The vote to include Sweden and Finland in NATO is expected to overwhelmingly pass.

— Amanda Macias

U.S. slaps more sanctions on Russian officials and oligarchs

Red Square, Moscow

Mike Hewitt | Getty Images

Secretary of State Antony Blinken announced new sanctions on Russian oligarchs and state-owned entities.

Below is the State Department’s fact sheet of imposed penalties on the following Russian oligarchs:

  • Alexander Ponomarenko “for operating or having operated in the aerospace sector of the Russian economy. He is an oligarch with close ties to other oligarchs and the construction of Vladimir Putin’s seaside palace.” He has been sanctioned by the U.K., European Union, Canada, Australia and New Zealand.
  • Dmitry Pumpyanskiy “for operating or having operated in the financial services sector of the Russian Federation economy.” The U.K., European Union and New Zealand have also designated him. Pumpyanskiy has ties to the yacht “Axioma,” which is now being identified as blocked property.
  • Andrey Melnichenko “for operating or having operated in the financial services sector of the Russian Federation economy.” Like Pumpyanskiy, he has also been designated by the U.K., European Union, and New Zealand.

“We are also imposing additional costs on Russia’s war machine by designating 24 Russian defense and technology-related entities,” Blinken wrote in a statement. 

“Russia has systematically focused on exploiting high-technology research and innovations to advance Moscow’s war-fighting capabilities – the same defense capabilities that Russia’s military is using in its vicious attacks hitting Ukraine’s population centers and resulting in the deaths of civilians, including children,” he added.

— Amanda Macias

March was the deadliest month of Russia’s war in Ukraine, UN says

The United Nations Human Rights Office of the High Commissioner said that March was so far the deadliest month in Russia’s war in Ukraine.

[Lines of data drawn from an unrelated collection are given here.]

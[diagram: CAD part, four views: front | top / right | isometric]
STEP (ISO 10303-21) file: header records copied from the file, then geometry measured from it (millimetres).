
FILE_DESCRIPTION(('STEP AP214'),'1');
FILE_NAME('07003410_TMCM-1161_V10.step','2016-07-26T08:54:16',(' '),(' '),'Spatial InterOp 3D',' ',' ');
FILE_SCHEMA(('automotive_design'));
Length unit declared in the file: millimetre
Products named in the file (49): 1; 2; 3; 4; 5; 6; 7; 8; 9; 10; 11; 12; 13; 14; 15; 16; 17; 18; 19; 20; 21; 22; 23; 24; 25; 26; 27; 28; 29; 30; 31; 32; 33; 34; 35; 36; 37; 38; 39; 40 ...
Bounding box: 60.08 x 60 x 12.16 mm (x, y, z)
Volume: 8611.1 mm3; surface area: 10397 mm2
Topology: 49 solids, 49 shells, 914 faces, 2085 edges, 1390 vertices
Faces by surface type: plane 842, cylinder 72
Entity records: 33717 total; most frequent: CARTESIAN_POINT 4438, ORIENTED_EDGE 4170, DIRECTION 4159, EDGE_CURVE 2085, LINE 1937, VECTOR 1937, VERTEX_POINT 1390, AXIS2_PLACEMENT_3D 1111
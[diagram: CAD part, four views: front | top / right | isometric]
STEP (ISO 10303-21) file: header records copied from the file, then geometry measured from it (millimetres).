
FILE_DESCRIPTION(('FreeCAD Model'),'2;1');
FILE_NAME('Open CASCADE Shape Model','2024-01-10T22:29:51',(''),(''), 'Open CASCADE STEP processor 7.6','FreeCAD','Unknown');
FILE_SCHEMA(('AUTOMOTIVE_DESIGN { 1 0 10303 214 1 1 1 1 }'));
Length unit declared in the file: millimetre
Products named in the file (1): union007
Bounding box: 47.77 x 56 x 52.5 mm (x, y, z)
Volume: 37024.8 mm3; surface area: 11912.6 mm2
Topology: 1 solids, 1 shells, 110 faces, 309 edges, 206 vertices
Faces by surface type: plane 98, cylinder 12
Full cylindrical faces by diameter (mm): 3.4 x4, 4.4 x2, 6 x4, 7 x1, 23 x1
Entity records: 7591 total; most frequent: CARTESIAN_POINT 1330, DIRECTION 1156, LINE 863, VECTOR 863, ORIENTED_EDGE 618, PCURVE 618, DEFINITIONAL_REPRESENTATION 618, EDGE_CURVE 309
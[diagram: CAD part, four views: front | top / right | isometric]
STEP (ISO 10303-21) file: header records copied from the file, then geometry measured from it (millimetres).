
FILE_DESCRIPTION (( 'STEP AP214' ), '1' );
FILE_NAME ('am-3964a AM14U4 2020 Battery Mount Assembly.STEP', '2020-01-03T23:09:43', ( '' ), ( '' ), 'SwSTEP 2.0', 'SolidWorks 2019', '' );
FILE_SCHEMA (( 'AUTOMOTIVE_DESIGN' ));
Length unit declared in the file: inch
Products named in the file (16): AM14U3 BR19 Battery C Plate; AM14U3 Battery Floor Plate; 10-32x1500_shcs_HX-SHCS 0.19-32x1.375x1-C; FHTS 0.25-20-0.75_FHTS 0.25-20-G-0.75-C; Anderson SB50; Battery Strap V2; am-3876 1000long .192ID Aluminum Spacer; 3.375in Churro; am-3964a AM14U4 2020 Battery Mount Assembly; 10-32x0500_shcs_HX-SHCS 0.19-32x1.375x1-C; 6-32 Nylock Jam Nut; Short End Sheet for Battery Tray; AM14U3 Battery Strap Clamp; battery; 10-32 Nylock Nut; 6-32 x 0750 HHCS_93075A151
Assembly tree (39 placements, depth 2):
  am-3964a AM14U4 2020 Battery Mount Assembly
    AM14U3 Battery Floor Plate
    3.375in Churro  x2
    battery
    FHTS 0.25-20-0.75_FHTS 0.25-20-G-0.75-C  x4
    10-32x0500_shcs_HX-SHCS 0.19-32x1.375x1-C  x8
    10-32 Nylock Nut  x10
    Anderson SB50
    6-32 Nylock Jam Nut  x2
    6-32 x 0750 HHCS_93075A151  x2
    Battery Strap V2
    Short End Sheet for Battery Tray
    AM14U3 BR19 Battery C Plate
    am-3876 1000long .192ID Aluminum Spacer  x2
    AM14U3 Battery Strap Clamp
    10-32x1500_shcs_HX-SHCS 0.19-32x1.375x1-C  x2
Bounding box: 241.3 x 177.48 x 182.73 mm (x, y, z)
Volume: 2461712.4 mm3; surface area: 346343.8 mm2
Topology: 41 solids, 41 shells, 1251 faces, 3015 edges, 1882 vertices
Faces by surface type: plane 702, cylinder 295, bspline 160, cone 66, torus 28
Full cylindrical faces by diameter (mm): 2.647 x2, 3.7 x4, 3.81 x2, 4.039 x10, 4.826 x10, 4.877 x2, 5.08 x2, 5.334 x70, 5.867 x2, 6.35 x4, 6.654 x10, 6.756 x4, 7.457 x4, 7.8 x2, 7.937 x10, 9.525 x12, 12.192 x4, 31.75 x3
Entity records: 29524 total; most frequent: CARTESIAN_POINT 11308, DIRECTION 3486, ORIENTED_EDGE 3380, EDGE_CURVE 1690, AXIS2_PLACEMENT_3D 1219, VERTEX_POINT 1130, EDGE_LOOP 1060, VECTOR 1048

There were more than 3,100 civilian casualties and 2,400 injuries due to the conflict in March, according to data compiled by the UN.

Total civilian casualties from 24 February to 31 July 2022 as compiled by the United Nations.

U.N. Human Rights Office of the High Commissioner

The United Nations has confirmed 5,327 civilian deaths and 7,257 injuries in Ukraine since Russia invaded on Feb. 24.

“Most of the civilian casualties recorded were caused by the use of explosive weapons with wide area effects, including shelling from heavy artillery, multiple launch rocket systems, missiles and air strikes,” the UN office wrote in a report.

The human rights office added that the majority of casualties and injuries were reported in the Donetsk and Luhansk regions.